I always show these two passages to anybody, priest, Religious or lay, who comes to me with the wishful thinking about Luther and the phantasy that he never would have left the Church had he foreseen the consequences. What astonishes me is that without exception my stu­dents and friends are amazed at these statements of a great historian, and their admission that they never got that angle before. What has happened to history in our Catholic schools and seminaries?

This leads me naturally to discuss another phantasy dear to many Protestants and Catholics alike. Let the Protestant historian, Meissinger, formulate it: “If Luther returned today . . . he would finds to his astonishment a Roman Church which he never would have attacked in her present aspect . . . above all he would see . . . that not one of the abuses Which were the occasion of his break with Rome remains in existence.” (Quoted and endorsed by Karl Adam in Roots Of The Reformation, Canterbury Books, Sheed and Ward, p. 62.) I find it hard to have to contradict two such fine scholars. But I must as this phantasy is just too widespread among Catholics.

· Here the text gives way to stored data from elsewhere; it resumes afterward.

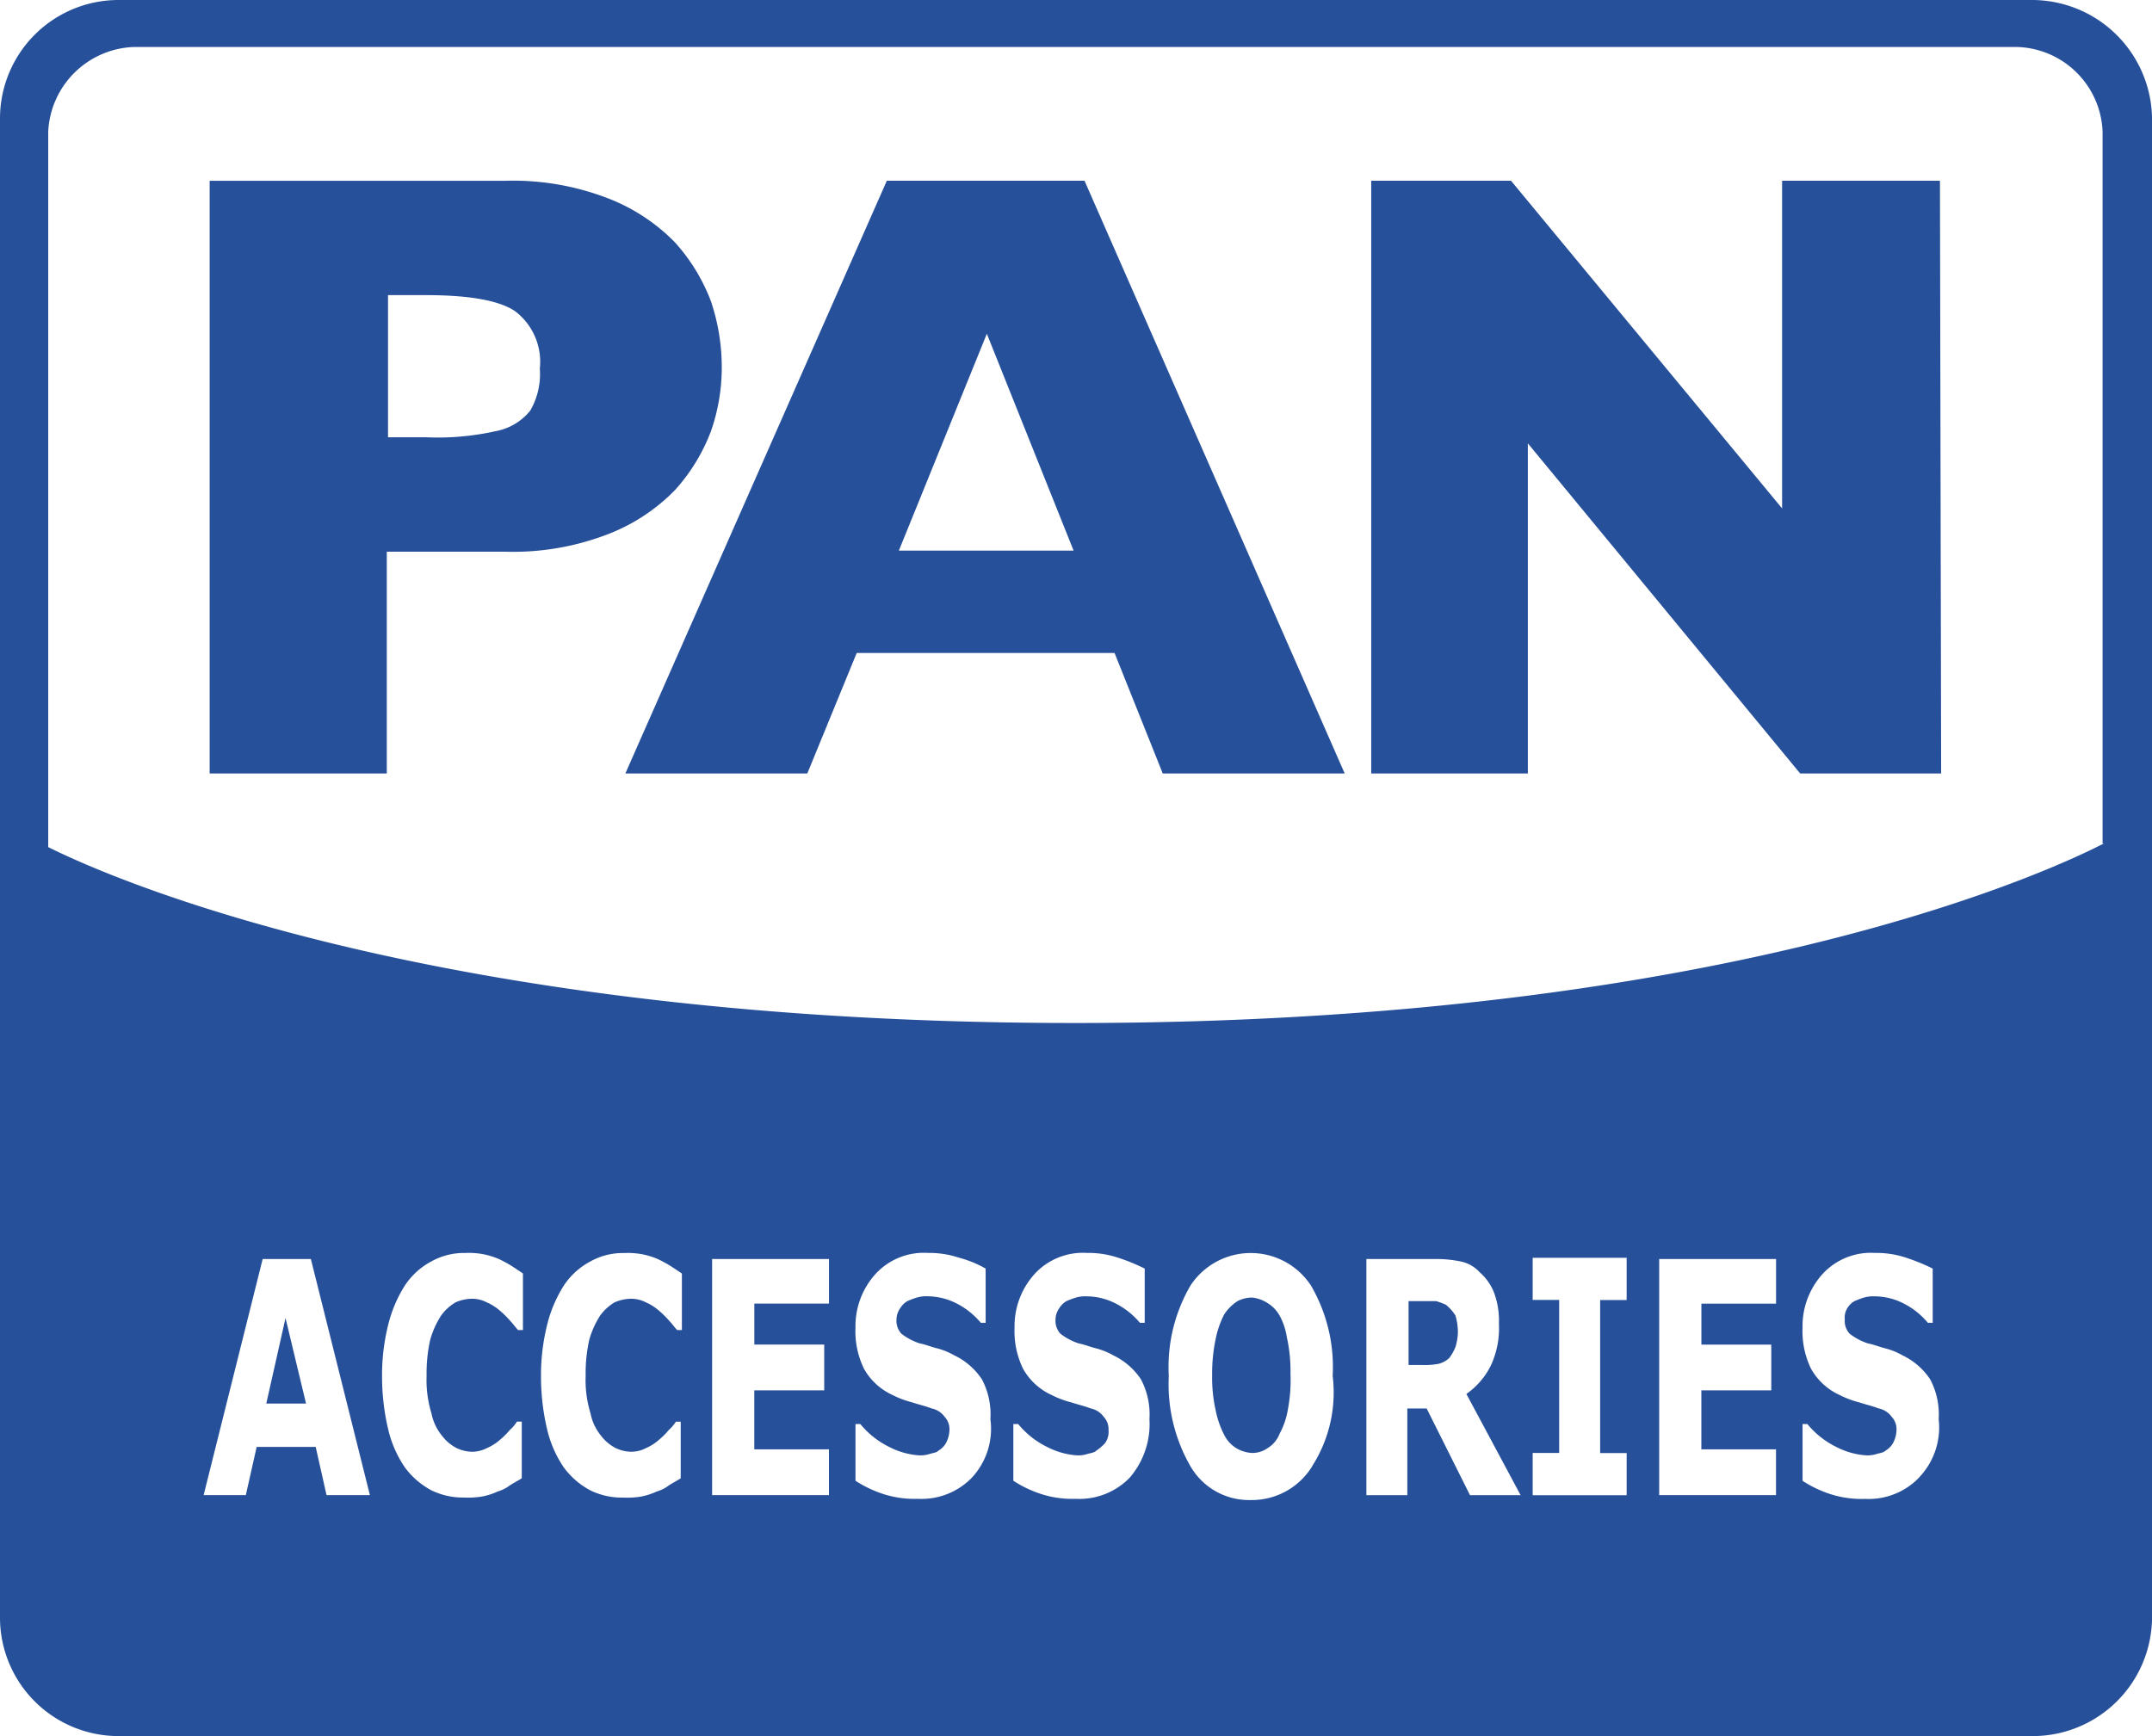 <svg id="Pan_Accessories" data-name="Pan Accessories" xmlns="http://www.w3.org/2000/svg" width="115.298" height="93.026" viewBox="0 0 115.298 93.026">
  <path id="Pfad_7648" data-name="Pfad 7648" d="M44.837,25a10.3,10.3,0,0,1-.581,3.422,9.945,9.945,0,0,1-1.937,3.163,10.081,10.081,0,0,1-3.68,2.389,14.1,14.1,0,0,1-5.423.9H26.89V46.757H17.4V15H33.216a14.1,14.1,0,0,1,5.423.9,10.08,10.08,0,0,1,3.68,2.389,9.945,9.945,0,0,1,1.937,3.163A11.062,11.062,0,0,1,44.837,25Zm-9.748.065a3.4,3.4,0,0,0-1.356-3.1c-.9-.581-2.518-.839-4.777-.839h-2v7.618H29.02a14.2,14.2,0,0,0,3.68-.323,3.114,3.114,0,0,0,1.872-1.1A3.9,3.9,0,0,0,35.089,25.066Z" transform="translate(-6.167 -5.312)" fill="#27509b"/>
  <path id="Pfad_7649" data-name="Pfad 7649" d="M90.44,46.762H80.692L78.11,40.306H64.295l-2.647,6.456H51.9L65.909,15H76.5ZM75.915,34.819,71.267,23.2l-4.713,11.62Z" transform="translate(-18.395 -5.316)" fill="#27509b"/>
  <path id="Pfad_7650" data-name="Pfad 7650" d="M144.335,46.762h-7.553l-14.59-17.689V46.762H113.8V15h7.489l14.525,17.559V15h8.457Z" transform="translate(-40.334 -5.316)" fill="#27509b"/>
  <g id="Gruppe_340" data-name="Gruppe 340">
    <path id="Pfad_7651" data-name="Pfad 7651" d="M118.9,108.194a4.447,4.447,0,0,0-.516-.194H116.9v3.422h.71a3.97,3.97,0,0,0,.9-.065,1.248,1.248,0,0,0,.581-.323,2.616,2.616,0,0,0,.323-.581,2.865,2.865,0,0,0,.129-.839,3.271,3.271,0,0,0-.129-.839A2.344,2.344,0,0,0,118.9,108.194Z" transform="translate(-41.433 -38.279)" fill="#27509b"/>
    <path id="Pfad_7652" data-name="Pfad 7652" d="M104.215,108.668a1.867,1.867,0,0,0-.71-.71,1.835,1.835,0,0,0-.775-.258,1.719,1.719,0,0,0-.775.194,2.455,2.455,0,0,0-.71.71,4.978,4.978,0,0,0-.452,1.291,8.945,8.945,0,0,0-.194,1.937,8.147,8.147,0,0,0,.194,1.937,4.979,4.979,0,0,0,.452,1.291,1.748,1.748,0,0,0,.646.71,1.831,1.831,0,0,0,.839.258,1.42,1.42,0,0,0,.839-.258,1.557,1.557,0,0,0,.646-.775,4.191,4.191,0,0,0,.452-1.356,8.241,8.241,0,0,0,.129-1.872,8.148,8.148,0,0,0-.194-1.937A3.526,3.526,0,0,0,104.215,108.668Z" transform="translate(-35.656 -38.172)" fill="#27509b"/>
    <path id="Pfad_7653" data-name="Pfad 7653" d="M22.1,113.984h2.13l-1.1-4.584Z" transform="translate(-7.833 -38.775)" fill="#27509b"/>
    <path id="Pfad_7654" data-name="Pfad 7654" d="M108.907,0H6.391A6.351,6.351,0,0,0,0,6.327V86.7H0a6.351,6.351,0,0,0,6.391,6.327H108.907A6.392,6.392,0,0,0,115.3,86.7V6.327A6.435,6.435,0,0,0,108.907,0ZM17.495,80.115l-.581-2.582H13.751l-.581,2.582H10.91l3.163-12.653h2.582l3.163,12.653Zm10.458-8.844h-.194c-.129-.129-.258-.323-.387-.452a4.93,4.93,0,0,0-.581-.581,2.665,2.665,0,0,0-.71-.452,1.719,1.719,0,0,0-.775-.194,2.278,2.278,0,0,0-.9.194,2.583,2.583,0,0,0-.775.71,4.826,4.826,0,0,0-.581,1.291,8.148,8.148,0,0,0-.194,1.937,6.027,6.027,0,0,0,.258,2,2.719,2.719,0,0,0,.581,1.227,2.287,2.287,0,0,0,.775.646,1.988,1.988,0,0,0,.839.194,1.719,1.719,0,0,0,.775-.194,2.665,2.665,0,0,0,.71-.452,3.9,3.9,0,0,0,.516-.516,2.06,2.06,0,0,0,.387-.452h.258v3.034c-.194.129-.452.258-.646.387a2.019,2.019,0,0,1-.646.323,3.64,3.64,0,0,1-.775.258,4.594,4.594,0,0,1-1.033.065,3.844,3.844,0,0,1-1.743-.387,4.244,4.244,0,0,1-1.42-1.227,6.069,6.069,0,0,1-.9-2.066,12.289,12.289,0,0,1-.323-2.84,11.149,11.149,0,0,1,.323-2.711,7.07,7.07,0,0,1,.9-2.13,3.881,3.881,0,0,1,1.42-1.291,3.581,3.581,0,0,1,1.808-.452,4.275,4.275,0,0,1,.968.065,4.175,4.175,0,0,1,.839.258,7.043,7.043,0,0,1,.71.387l.581.387v3.034Zm8.586,0h-.258c-.129-.129-.258-.323-.387-.452a4.93,4.93,0,0,0-.581-.581,2.665,2.665,0,0,0-.71-.452,1.719,1.719,0,0,0-.775-.194,2.278,2.278,0,0,0-.9.194,2.583,2.583,0,0,0-.775.71,4.826,4.826,0,0,0-.581,1.291,8.148,8.148,0,0,0-.194,1.937,6.027,6.027,0,0,0,.258,2,2.719,2.719,0,0,0,.581,1.227,2.287,2.287,0,0,0,.775.646,1.988,1.988,0,0,0,.839.194A1.719,1.719,0,0,0,34.6,77.6a2.665,2.665,0,0,0,.71-.452,3.9,3.9,0,0,0,.516-.516,2.06,2.06,0,0,0,.387-.452h.258v3.034c-.194.129-.452.258-.646.387a2.019,2.019,0,0,1-.646.323,3.64,3.64,0,0,1-.775.258,4.594,4.594,0,0,1-1.033.065,3.844,3.844,0,0,1-1.743-.387,4.244,4.244,0,0,1-1.42-1.227,6.069,6.069,0,0,1-.9-2.066,12.289,12.289,0,0,1-.323-2.84,11.149,11.149,0,0,1,.323-2.711,7.07,7.07,0,0,1,.9-2.13,3.881,3.881,0,0,1,1.42-1.291,3.581,3.581,0,0,1,1.808-.452,4.275,4.275,0,0,1,.968.065,4.175,4.175,0,0,1,.839.258,7.043,7.043,0,0,1,.71.387l.581.387v3.034Zm7.876-1.42h-4v2.195h3.744V74.5H40.413v3.163h4v2.453H38.153V67.462h6.262Zm7.682,9.3a3.746,3.746,0,0,1-2.905,1.162,5.471,5.471,0,0,1-1.872-.258,6.284,6.284,0,0,1-1.485-.71V76.306h.258a4.657,4.657,0,0,0,1.549,1.227,4.078,4.078,0,0,0,1.614.452,1.6,1.6,0,0,0,.516-.065c.194-.065.387-.065.516-.194a1.1,1.1,0,0,0,.387-.387,1.57,1.57,0,0,0,.194-.71.971.971,0,0,0-.258-.71,1.142,1.142,0,0,0-.71-.452c-.323-.129-.646-.194-1.033-.323a4.893,4.893,0,0,1-1.033-.387,3.337,3.337,0,0,1-1.549-1.42,4.6,4.6,0,0,1-.452-2.195,4.16,4.16,0,0,1,1.1-2.905,3.513,3.513,0,0,1,2.776-1.1,5.057,5.057,0,0,1,1.678.258,5.89,5.89,0,0,1,1.42.581v2.905h-.258a4.146,4.146,0,0,0-1.291-1.033,3.438,3.438,0,0,0-1.549-.387,1.787,1.787,0,0,0-.581.065,4.445,4.445,0,0,0-.516.194,1.1,1.1,0,0,0-.387.387,1.041,1.041,0,0,0-.194.581,1.029,1.029,0,0,0,.258.775,3.248,3.248,0,0,0,.968.516c.323.065.646.194.9.258a3.776,3.776,0,0,1,.968.387,3.666,3.666,0,0,1,1.485,1.291,4.021,4.021,0,0,1,.452,2.13A3.847,3.847,0,0,1,52.1,79.147Zm8.457,0a3.746,3.746,0,0,1-2.905,1.162,5.471,5.471,0,0,1-1.872-.258,6.284,6.284,0,0,1-1.485-.71V76.306h.258A4.657,4.657,0,0,0,56.1,77.533a4.078,4.078,0,0,0,1.614.452,1.6,1.6,0,0,0,.516-.065c.194-.065.387-.065.516-.194a2.808,2.808,0,0,0,.452-.387,1.038,1.038,0,0,0,.194-.71.971.971,0,0,0-.258-.71,1.142,1.142,0,0,0-.71-.452c-.323-.129-.646-.194-1.033-.323a4.893,4.893,0,0,1-1.033-.387,3.337,3.337,0,0,1-1.549-1.42,4.6,4.6,0,0,1-.452-2.195,4.16,4.16,0,0,1,1.1-2.905,3.513,3.513,0,0,1,2.776-1.1,5.057,5.057,0,0,1,1.678.258,10.635,10.635,0,0,1,1.42.581v2.905h-.258A4.146,4.146,0,0,0,59.78,69.85a3.438,3.438,0,0,0-1.549-.387,1.787,1.787,0,0,0-.581.065,4.445,4.445,0,0,0-.516.194,1.1,1.1,0,0,0-.387.387,1.041,1.041,0,0,0-.194.581,1.029,1.029,0,0,0,.258.775,3.248,3.248,0,0,0,.968.516c.323.065.646.194.9.258a3.776,3.776,0,0,1,.968.387,3.666,3.666,0,0,1,1.485,1.291,4.021,4.021,0,0,1,.452,2.13A4.391,4.391,0,0,1,60.554,79.147Zm9.748-.581a3.787,3.787,0,0,1-3.292,1.808,3.622,3.622,0,0,1-3.228-1.808,8.809,8.809,0,0,1-1.162-4.842,8.661,8.661,0,0,1,1.162-4.842,3.86,3.86,0,0,1,6.456,0A8.661,8.661,0,0,1,71.4,73.724,7.326,7.326,0,0,1,70.3,78.566Zm8.457,1.549-2.324-4.648H75.4v4.648H73.207V67.462h3.744a6.659,6.659,0,0,1,1.291.129,1.868,1.868,0,0,1,1.033.581,2.8,2.8,0,0,1,.775,1.1,4.372,4.372,0,0,1,.258,1.678,4.7,4.7,0,0,1-.452,2.259,4.069,4.069,0,0,1-1.291,1.485l2.905,5.423Zm8.392-10.458h-1.42v8.2h1.42v2.259H82.116V77.855h1.42v-8.2h-1.42V67.4h5.035Zm8.005.194h-4v2.195H94.9V74.5H91.154v3.163h4v2.453H88.895V67.462h6.262Zm7.682,9.3a3.746,3.746,0,0,1-2.905,1.162,5.471,5.471,0,0,1-1.872-.258,6.284,6.284,0,0,1-1.485-.71V76.306h.258a4.657,4.657,0,0,0,1.549,1.227,4.078,4.078,0,0,0,1.614.452,1.6,1.6,0,0,0,.516-.065c.194-.065.387-.065.516-.194a1.1,1.1,0,0,0,.387-.387,1.57,1.57,0,0,0,.194-.71.971.971,0,0,0-.258-.71,1.142,1.142,0,0,0-.71-.452c-.323-.129-.646-.194-1.033-.323a4.893,4.893,0,0,1-1.033-.387,3.337,3.337,0,0,1-1.549-1.42,4.6,4.6,0,0,1-.452-2.195,4.16,4.16,0,0,1,1.1-2.905,3.513,3.513,0,0,1,2.776-1.1,5.057,5.057,0,0,1,1.678.258,10.636,10.636,0,0,1,1.42.581v2.905h-.258A4.146,4.146,0,0,0,102,69.85a3.438,3.438,0,0,0-1.549-.387,1.787,1.787,0,0,0-.581.065,4.445,4.445,0,0,0-.516.194,1.1,1.1,0,0,0-.387.387.959.959,0,0,0-.129.581,1.029,1.029,0,0,0,.258.775,3.248,3.248,0,0,0,.968.516c.323.065.646.194.9.258a3.776,3.776,0,0,1,.968.387,3.666,3.666,0,0,1,1.485,1.291,4.021,4.021,0,0,1,.452,2.13A3.877,3.877,0,0,1,102.839,79.147Zm9.877-33.957c-2.389,1.227-19.754,9.619-55.131,9.619-33.828,0-51.387-7.618-55-9.425V7.037h0A4.769,4.769,0,0,1,7.166,2.518h100.9a4.722,4.722,0,0,1,4.584,4.519V45.19Z" fill="#27509b"/>
  </g>
</svg>

A regards the abuses, none of which now remains in. exist­ence, if Luther had been the only person to raise his voice, or the first to protest, I might consider the statement. But it is totally false. Has nobody ever read the almost abject admissions of Pope Adrian VI, that most holy man so shabbily treated by Luther? Has nobody read St. Thomas More, or Erasmus’ or the opening address at the Council of Trent? Very likely not. And this is my pet gripe. Today people want to discuss history without reading history.

Anyhow, we have to face up to the plain fact that it was not only abuses which he labeled as abuses. He dubbed abuses the things most sacred to the faith of Catholics: the Papacy, the priesthood, the Sacrifice of the Mass, etc., etc.

So, were he to come back today, I ask you to consider what kind of a headache he would have with the following:

Papal infallibility,

The Council’s teaching about the Magisterium of the Church,

The Church’s firm adherence to the principle of monasticism, with a special stress on the con­templative orders,

The encyclical, “Humani Generis,” with its re­assertion of Trent’s doctrine on Original Sin,

The encyclical “Sacra Virginitas,” and Pope Paul’s recent one on celibacy,

The encyclical on the Holy Eucharist, with its strong reaffirmation of Transubstantiation, the power of the priesthood, etc.,

The great Biblical encyclicals stressing the old principles of interpretation, especially two:

The Bible is not the sole rule of faith,

The Church alone has the exclusive authority and right to interpret Scripture.

Do you think he would be happy about any of these “Popish corruptions” as he called them all in his own day? I think the answer is patent.

May I conclude with a note of warning to those who think it a duty to read Luther, Calvin, or the modern Lutherans, Barth and the rest. Even when one has a thorough grounding in theology there is a danger. TO great converts, Newman and Faber, two very good theologians, were very conscious of this danger. And Newman wrote this while still a Protestant in 1829: “It is said that a man may go on sipping first white and then port, till he loses all perception which is which: and it is very great good fortune in this day if we manage to escape a parallel misery in theology.” (The Anglo-American Church, October, 1839: Essays Critical And Historical’ Vol. I, p. 372.) How prophetic!